The Florida Bar v. Neckman

616 So. 2d 31 | Fla. | 1993

616 So. 2d 31 (1993)

THE FLORIDA BAR, Complainant,
v.
Steven NECKMAN, Respondent.

No. 78489.

Supreme Court of Florida.

March 25, 1993.

*32 John F. Harkness, Jr., Executive Director and John T. Berry, Staff Counsel, Tallahassee, and Jacquelyn P. Needelman, Bar Counsel, Miami, for complainant.

Richard B. Marx, South Miami, for respondent.

PER CURIAM.

We review the report of the referee recommending that Steven Neckman, a Florida attorney who previously resigned his license in light of disciplinary allegations, be disciplined for later engaging in the unauthorized practice of law. We have jurisdiction. Art. V, § 15, Fla. Const.

In the report, the referee found that Neckman had represented himself to be an attorney in connection with a debt-collection matter after the date his resignation became effective. It appears that Neckman may have violated a statute during this conduct. The referee also found Neckman not guilty of a separate incident of alleged unauthorized practice of law. Because the referee's findings are supported by substantial competent evidence, we accept them as proven. We agree that the unauthorized practice of law by one who has resigned the license to practice rather than face disciplinary proceedings is the equivalent of violating a prior disciplinary order of this Court.

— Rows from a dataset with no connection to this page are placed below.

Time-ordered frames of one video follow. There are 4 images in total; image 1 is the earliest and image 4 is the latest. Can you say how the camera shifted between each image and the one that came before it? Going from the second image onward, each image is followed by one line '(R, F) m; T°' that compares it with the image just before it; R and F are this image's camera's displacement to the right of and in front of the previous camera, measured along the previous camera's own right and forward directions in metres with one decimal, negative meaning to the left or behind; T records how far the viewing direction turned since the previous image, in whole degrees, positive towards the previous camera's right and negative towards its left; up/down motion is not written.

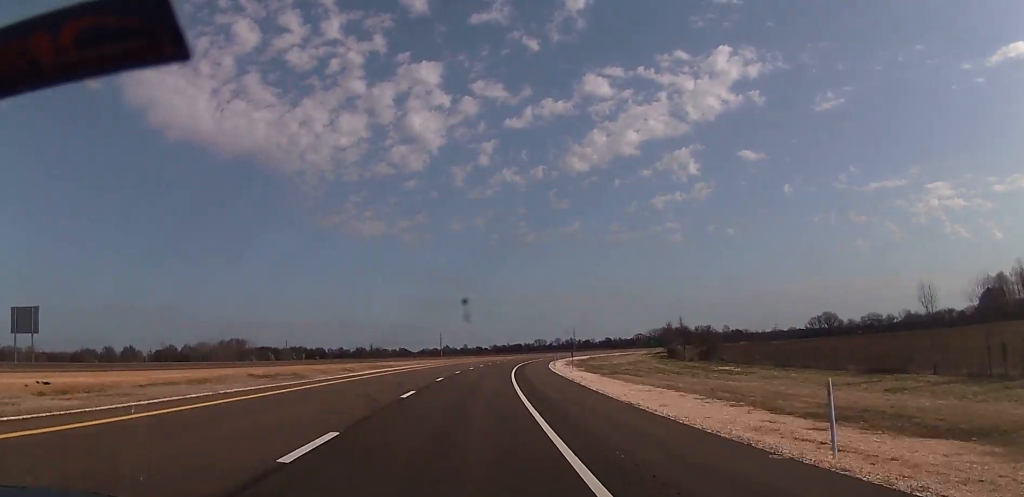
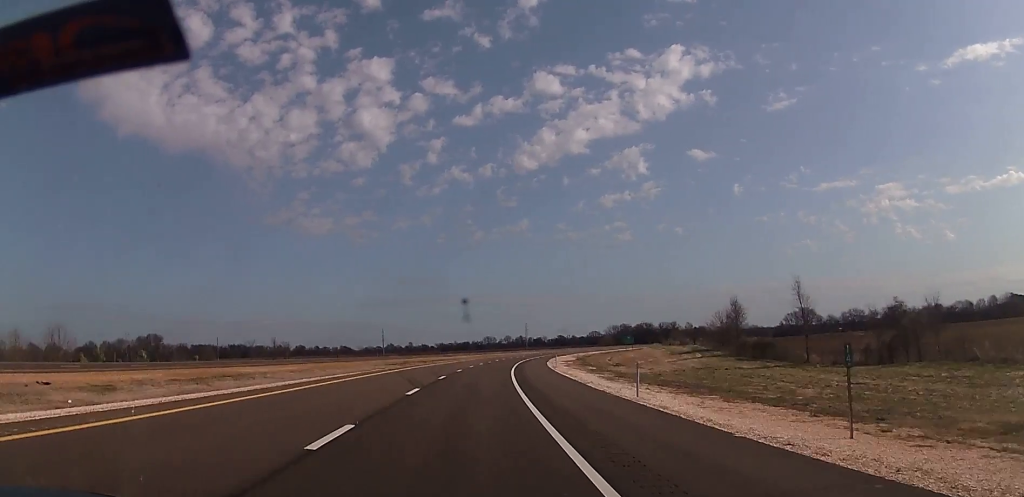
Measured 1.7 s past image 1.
(+2.9, +59.3) m; +5°
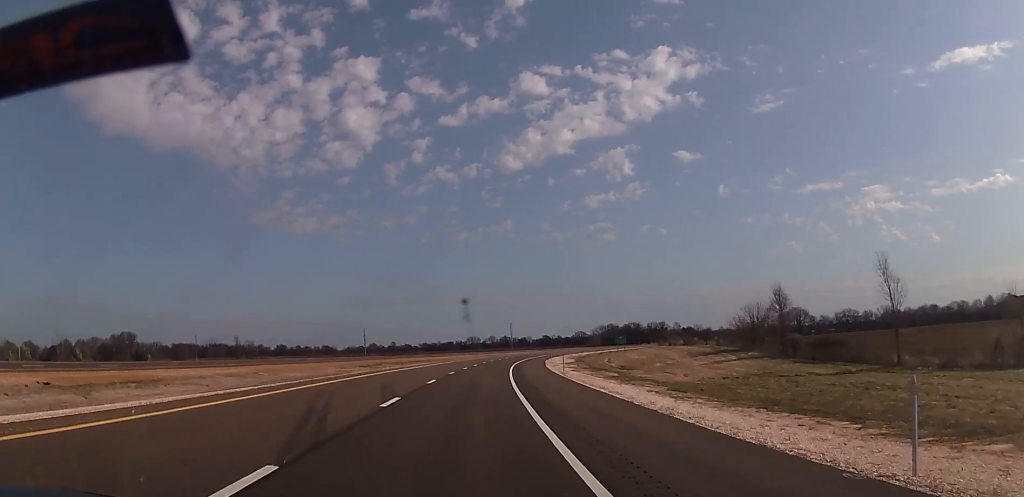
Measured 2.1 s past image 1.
(+0.2, +16.6) m; +1°
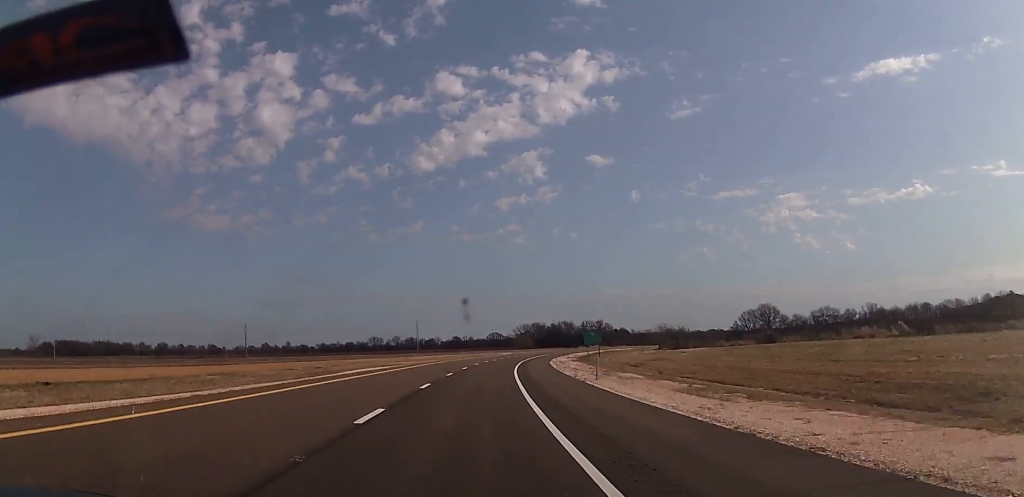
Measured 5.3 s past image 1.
(+8.4, +111.6) m; +8°
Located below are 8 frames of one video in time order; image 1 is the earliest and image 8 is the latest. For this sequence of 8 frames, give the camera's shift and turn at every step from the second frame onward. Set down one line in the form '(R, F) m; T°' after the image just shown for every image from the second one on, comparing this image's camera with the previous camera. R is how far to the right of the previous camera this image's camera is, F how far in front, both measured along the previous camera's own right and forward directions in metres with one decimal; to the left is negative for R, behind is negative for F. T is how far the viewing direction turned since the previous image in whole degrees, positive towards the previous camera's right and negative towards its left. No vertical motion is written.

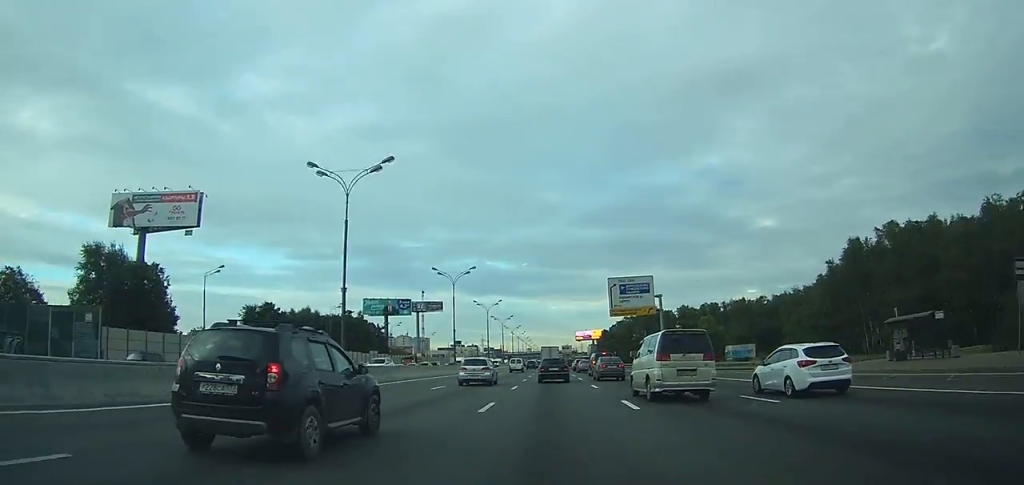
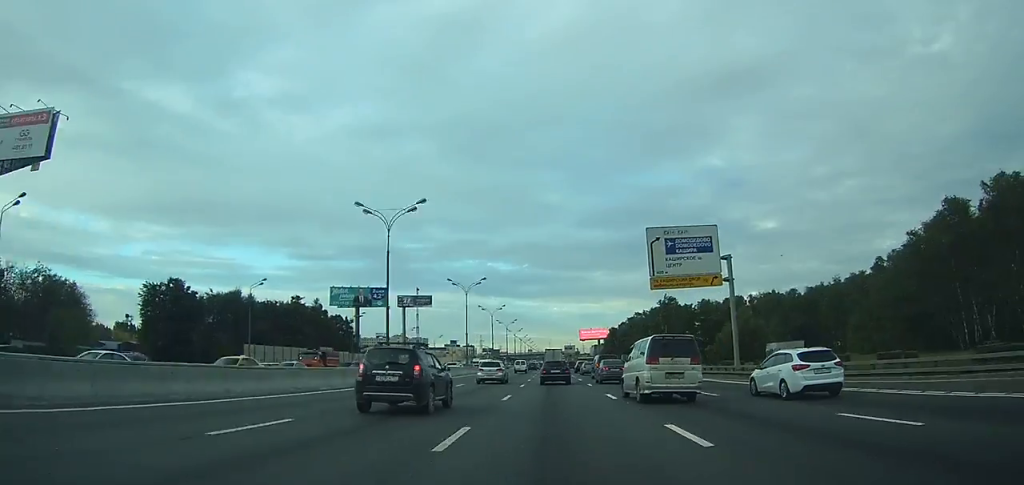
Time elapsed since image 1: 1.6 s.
(+0.1, +29.7) m; 0°
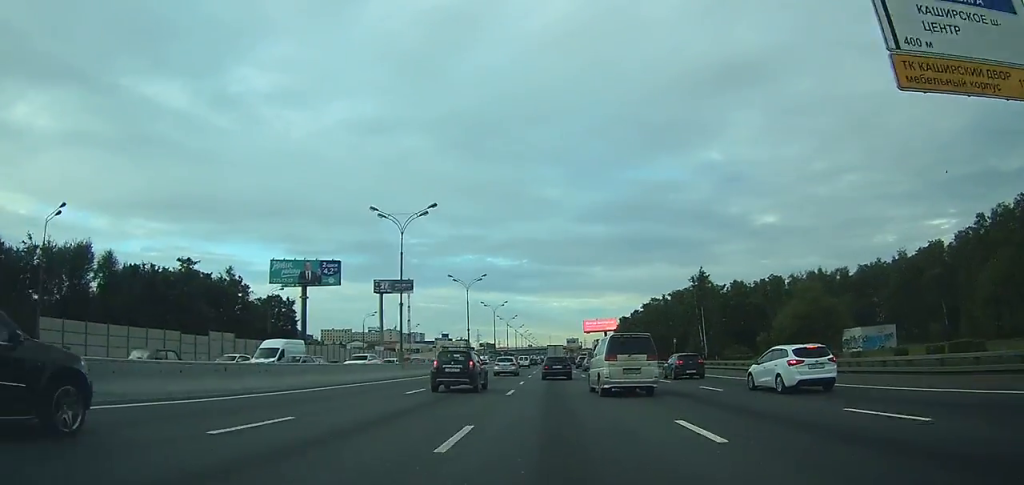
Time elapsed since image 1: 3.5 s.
(-0.1, +36.6) m; 0°
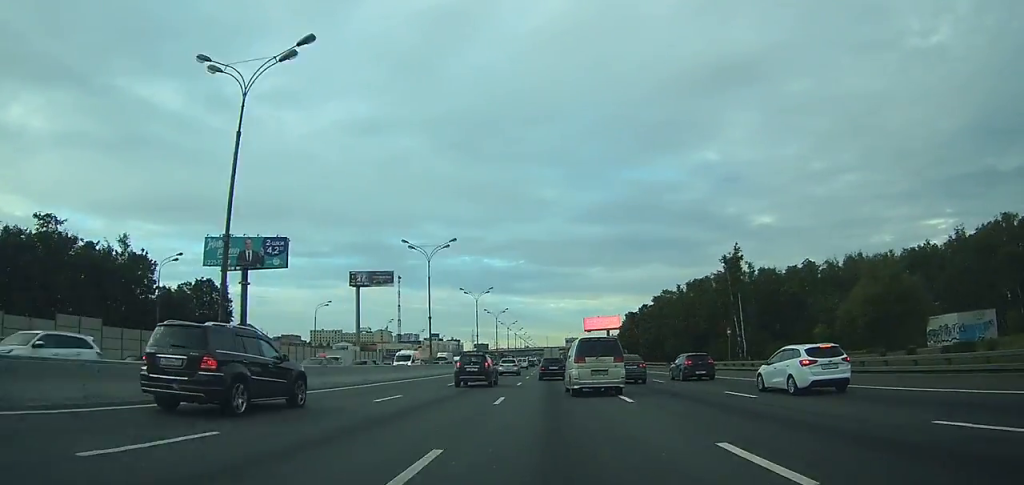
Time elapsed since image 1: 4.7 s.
(-0.1, +25.1) m; 0°
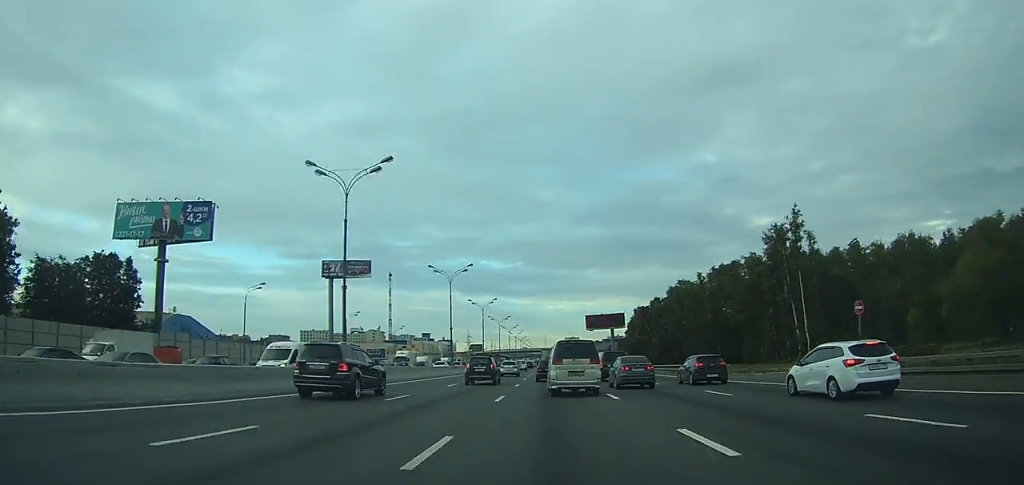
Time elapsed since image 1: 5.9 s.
(0.0, +23.4) m; 0°
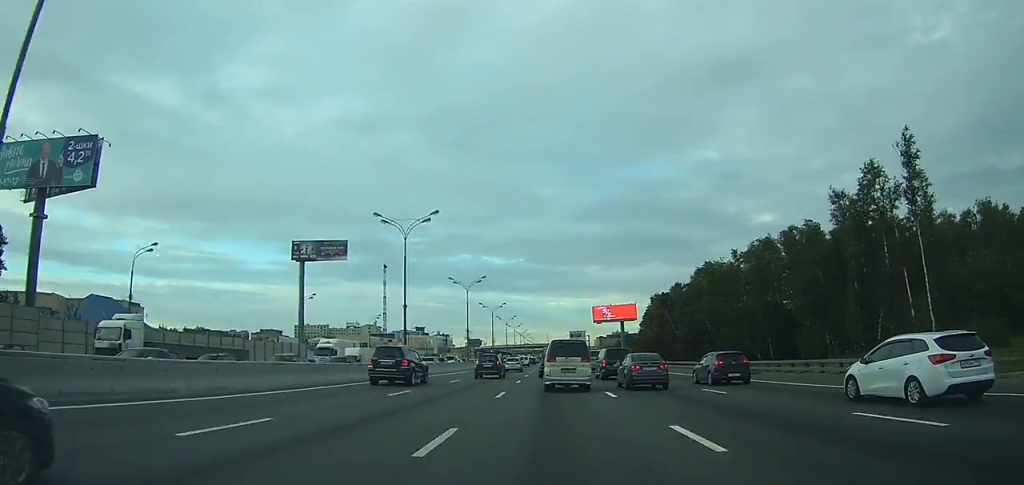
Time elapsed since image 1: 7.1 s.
(0.0, +23.2) m; 0°
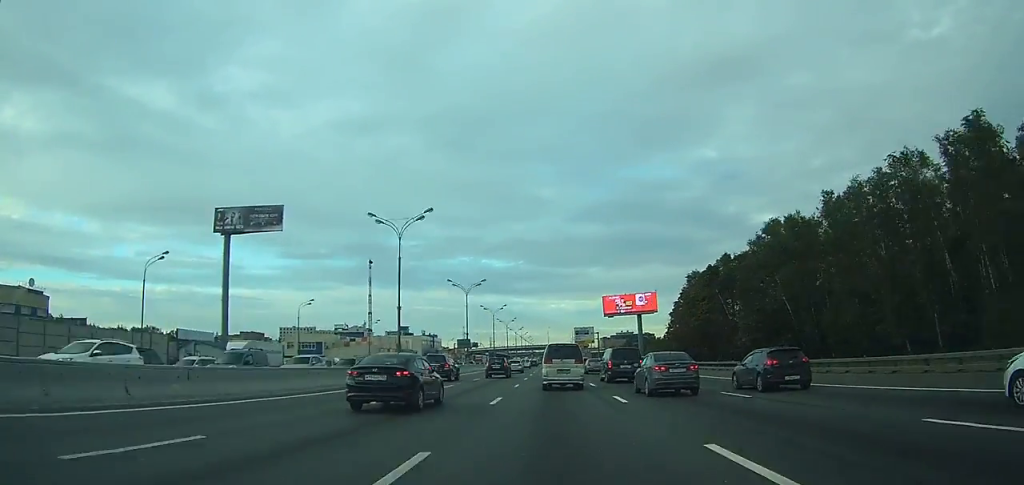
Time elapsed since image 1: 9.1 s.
(+0.1, +37.0) m; 0°
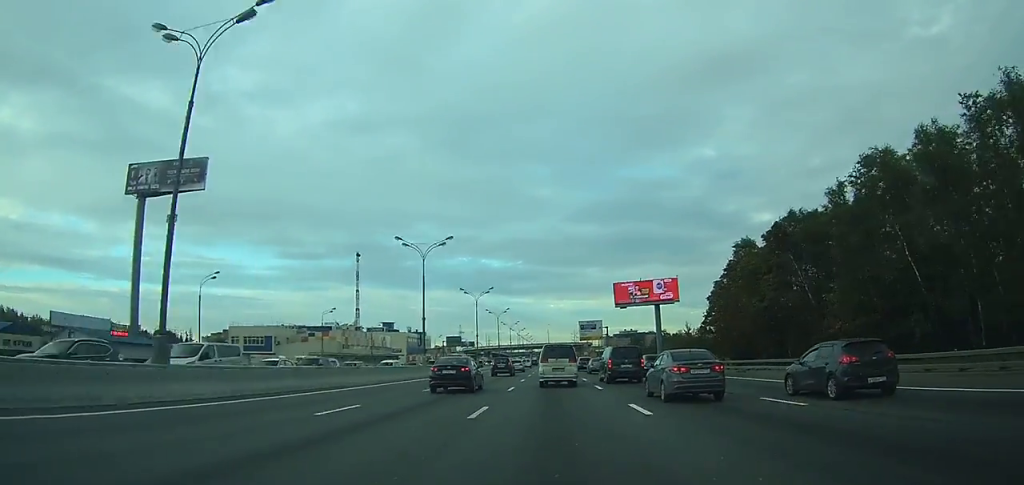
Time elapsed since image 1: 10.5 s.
(0.0, +27.1) m; 0°
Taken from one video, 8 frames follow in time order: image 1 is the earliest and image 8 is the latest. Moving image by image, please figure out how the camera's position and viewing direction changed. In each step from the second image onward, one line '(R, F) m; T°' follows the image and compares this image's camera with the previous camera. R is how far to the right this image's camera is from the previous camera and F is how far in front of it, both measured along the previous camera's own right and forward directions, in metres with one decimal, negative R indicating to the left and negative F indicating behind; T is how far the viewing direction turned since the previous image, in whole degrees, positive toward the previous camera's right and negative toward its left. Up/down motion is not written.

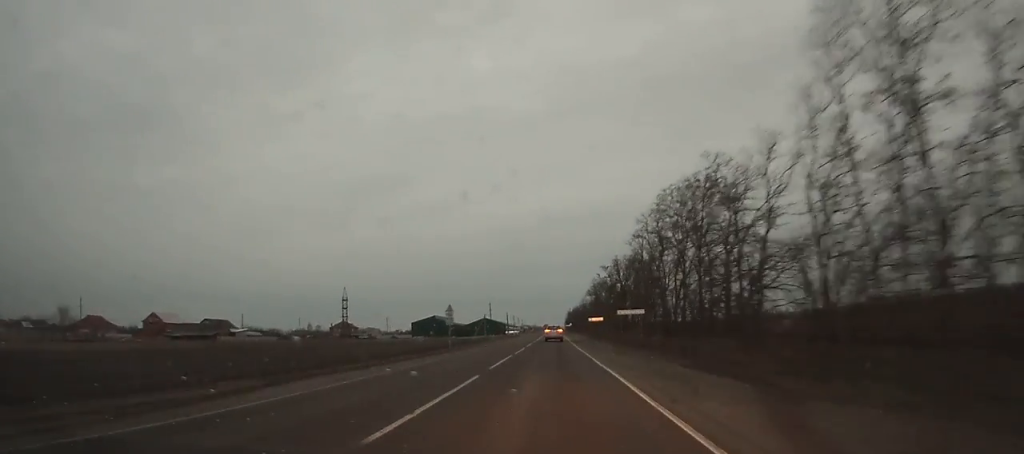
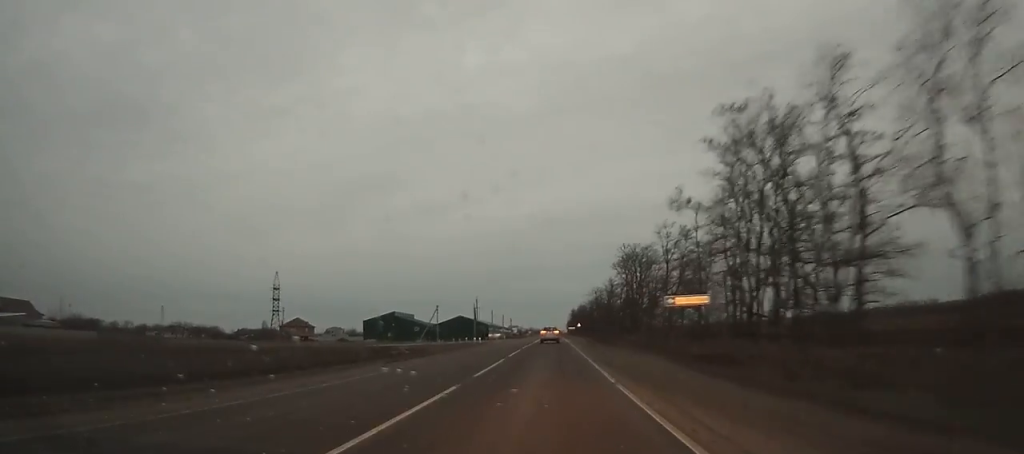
(0.0, +74.2) m; 0°
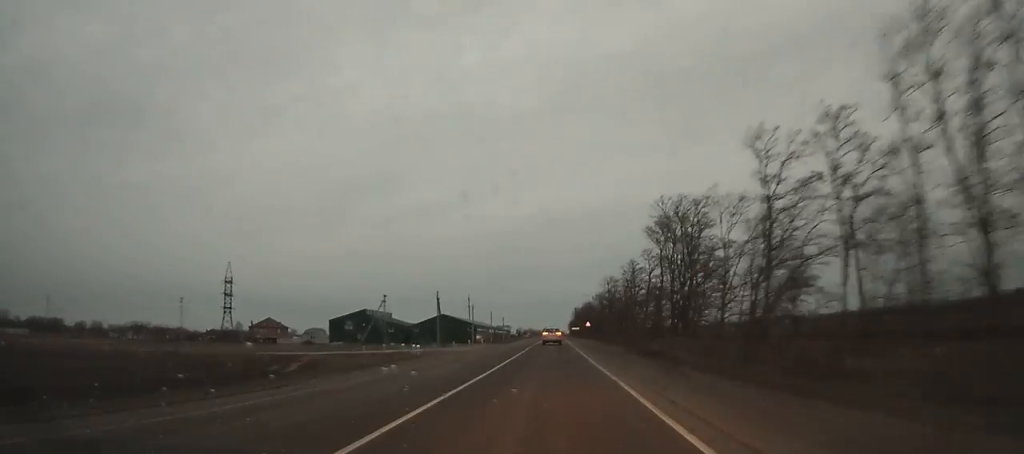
(0.0, +34.8) m; 0°
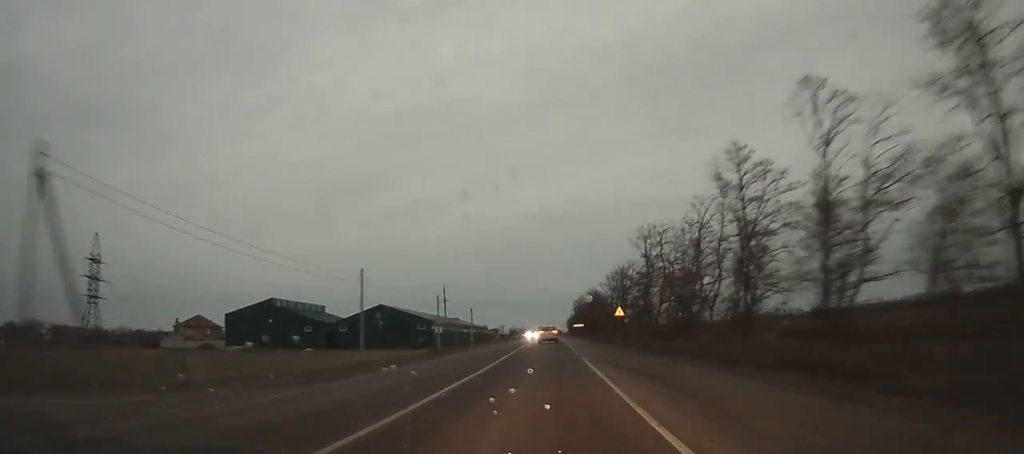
(-0.1, +60.1) m; 0°
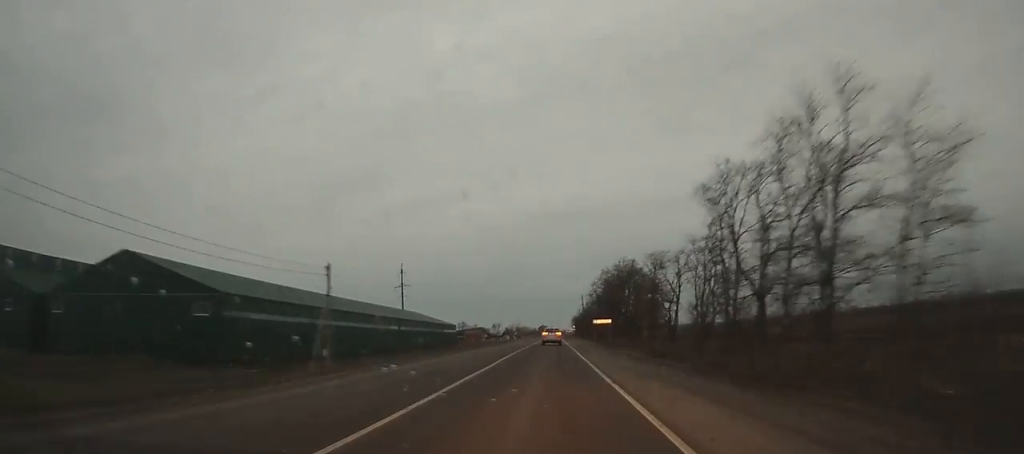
(-0.2, +76.1) m; 0°
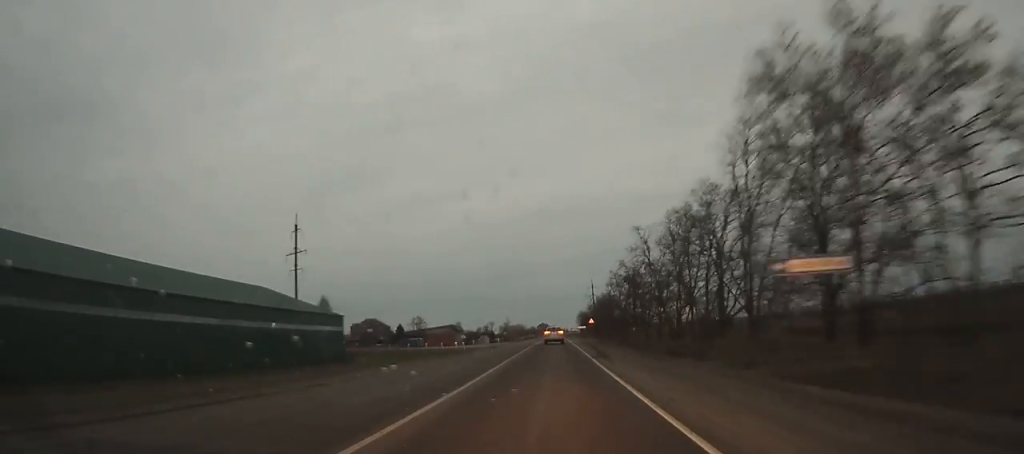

The referee recommended that Neckman be privately reprimanded, be placed on probation and required to donate time to community service, be required to continue counseling and treatment under direction of the Florida Lawyer Assistance (FLA) program, and pay costs. Neckman accepts the referee's recommendation, while The Bar asks that he be disbarred.

Initially, we note that it is proper for discipline to be imposed upon an attorney who has temporarily resigned the license to practice law. E.g., The Fla. Bar v. Winter, 549 So. 2d 188 (Fla. 1989). But we do not believe our cases stand for the proposition that the unauthorized practice of law by such a person always requires disbarment.

We agree with the Bar that a private reprimand (also called "admonishment") is inappropriate in light of Neckman's disciplinary resignation. See Fla. Standards for Imposing Lawyer Sanctions 8.4 (The Fla. Bar, 1987). However, we cannot agree that disbarment is appropriate. Disbarment would be appropriate where the violation results in injury or is an intentional repetition of prior misconduct for which discipline has been imposed. Fla. Standards for Imposing Lawyer Sanctions 8.1. The referee's findings do not establish either of these factors, and in fact disclose that they were entirely absent here.

As a general rule, the misconduct exhibited by Neckman would warrant a public reprimand. See Fla. Standards for Imposing Lawyer Sanctions 8.3. To our minds, the fact that this misconduct occurred while a prior disciplinary resignation was still in active effect constitutes an aggravating factor. However, the referee found in mitigation the following: (1) that there was no injury caused by Neckman; (2) that Neckman was not motivated by financial gain, but by a desire to help friends; (3) that the present violations are unrelated to Neckman's prior misconduct; and (4) that Neckman's rehabilitation and treatment are progressing rapidly.

In light of the foregoing, we are of the opinion that a public reprimand is warranted here, which reprimand shall be accomplished by publication of this opinion. We otherwise concur with the referee and place Neckman on probation for the remainder of the period of his mandatory resignation, during which time he shall continue *33 his treatment and perform ten hours of community service per month in the field of addictive diseases, both under the direction of FLA. We caution Neckman that any violation of this probation will constitute a contempt of court, subjecting him to further serious discipline and possible incarceration. Judgment against Neckman in favor of The Bar is hereby entered for $2,570.16, for which sum let execution issue.

It is so ordered.

BARKETT, C.J., and OVERTON, McDONALD, SHAW, GRIMES, KOGAN and HARDING, JJ., concur.